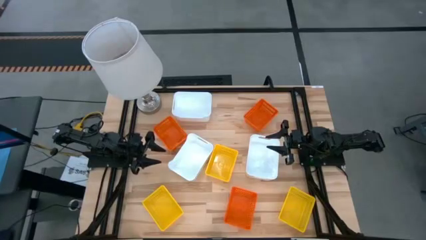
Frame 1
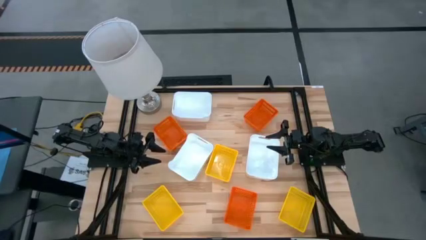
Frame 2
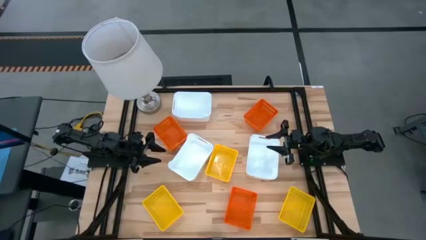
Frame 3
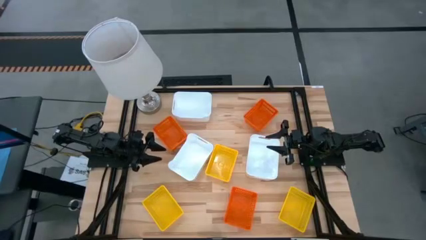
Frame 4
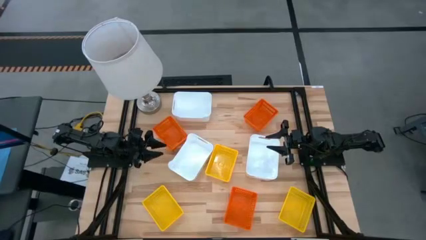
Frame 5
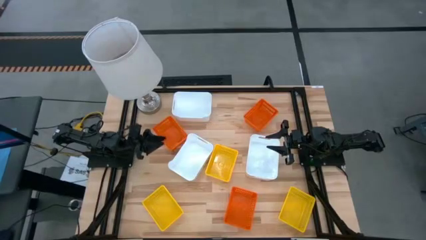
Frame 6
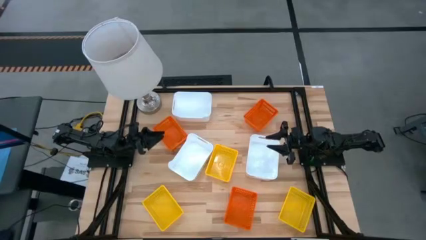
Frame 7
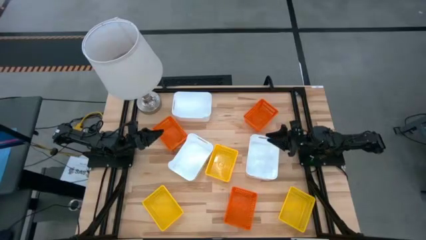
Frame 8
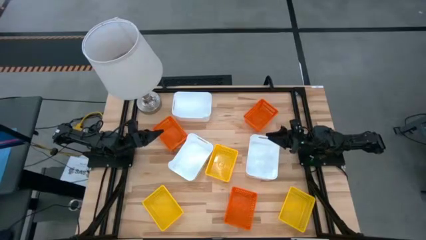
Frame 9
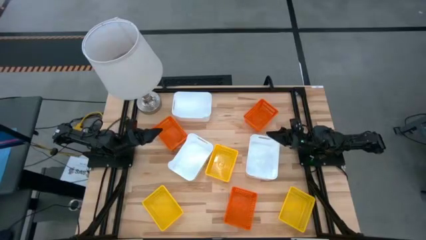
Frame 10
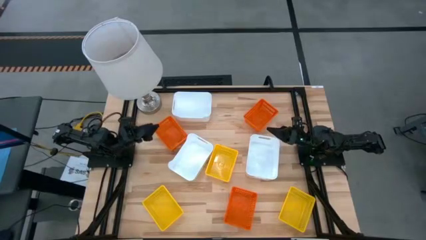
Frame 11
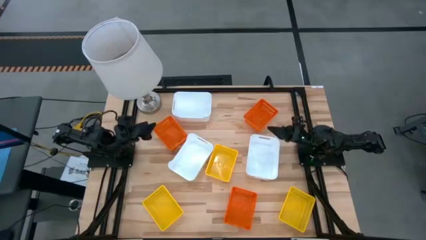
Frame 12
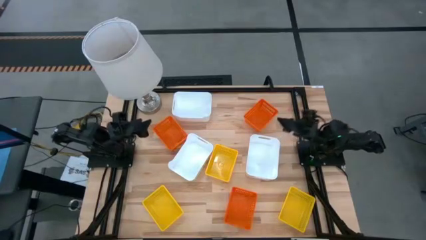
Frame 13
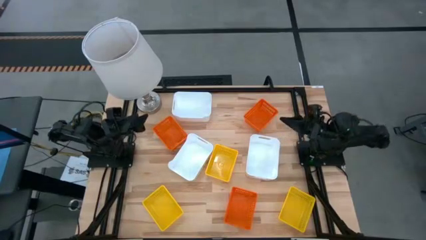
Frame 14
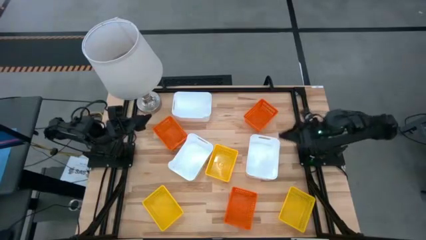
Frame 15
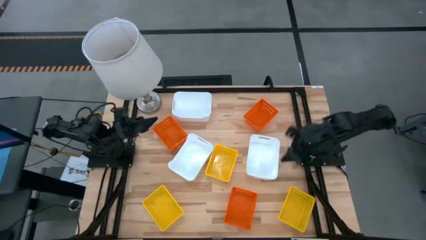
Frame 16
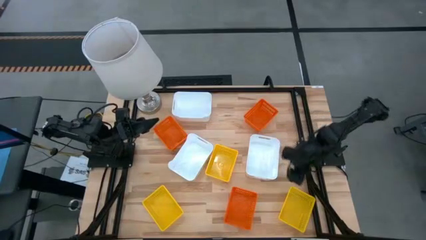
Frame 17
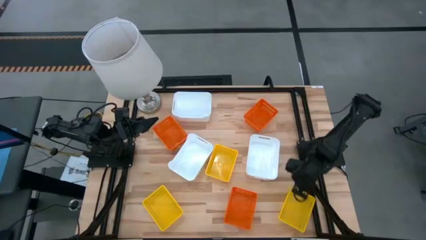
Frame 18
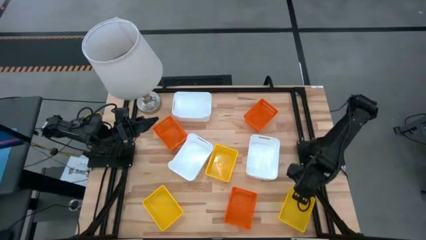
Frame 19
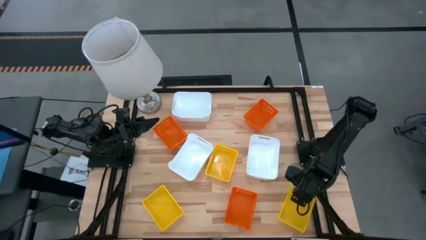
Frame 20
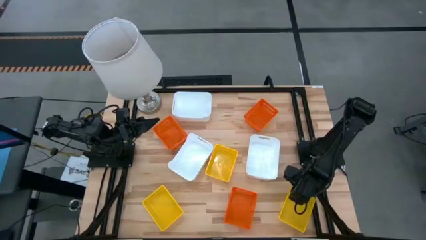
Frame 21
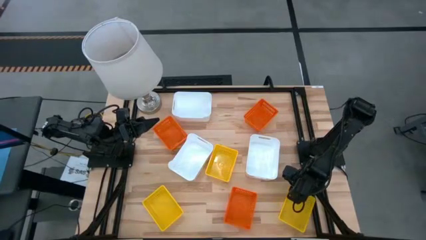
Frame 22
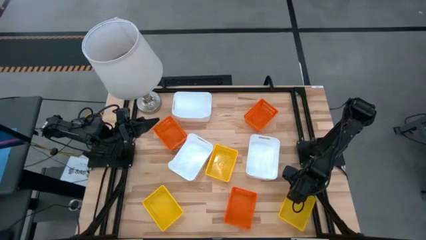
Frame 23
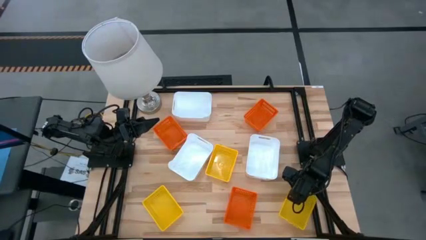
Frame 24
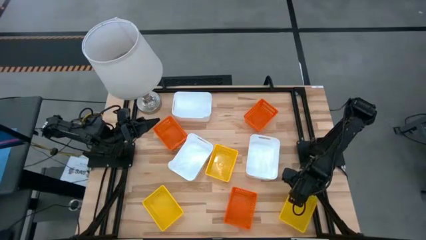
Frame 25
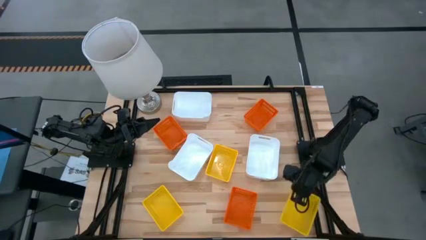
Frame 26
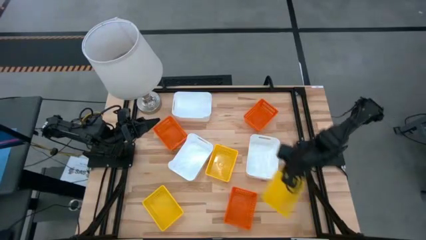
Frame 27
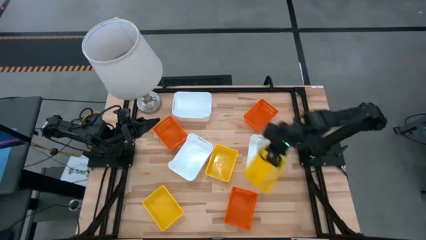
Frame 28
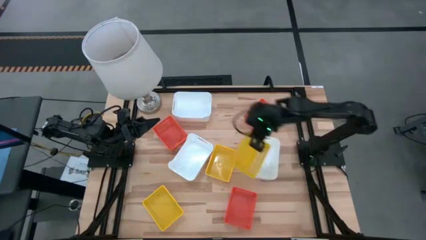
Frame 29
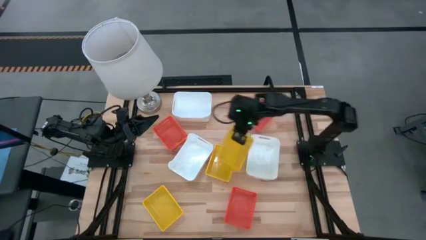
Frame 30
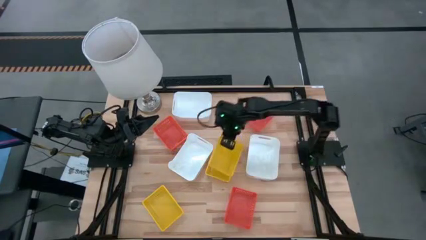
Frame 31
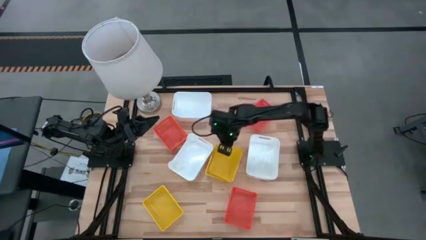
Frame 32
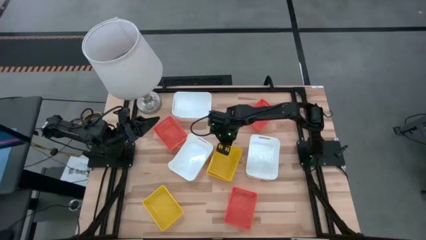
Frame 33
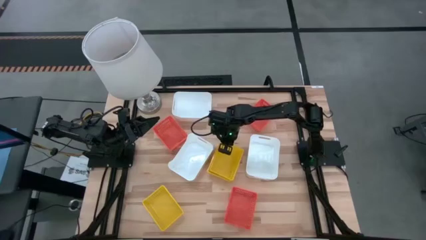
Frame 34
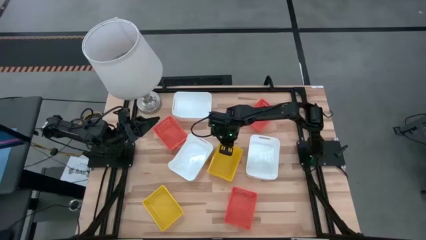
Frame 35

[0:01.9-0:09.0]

= = = =

Quote each entry above verbatim and drop the pictures.

Frame 1
Frame 2
Frame 3
Frame 4
Frame 5
Frame 6
Frame 7
Frame 8
Frame 9
Frame 10
Frame 11
Frame 12
Frame 13
Frame 14
Frame 15
Frame 16
Frame 17
Frame 18
Frame 19
Frame 20
Frame 21
Frame 22
Frame 23
Frame 24
Frame 25
Frame 26
Frame 27
Frame 28
Frame 29
Frame 30
Frame 31
Frame 32
Frame 33
Frame 34
Frame 35

[0:01.9-0:09.0]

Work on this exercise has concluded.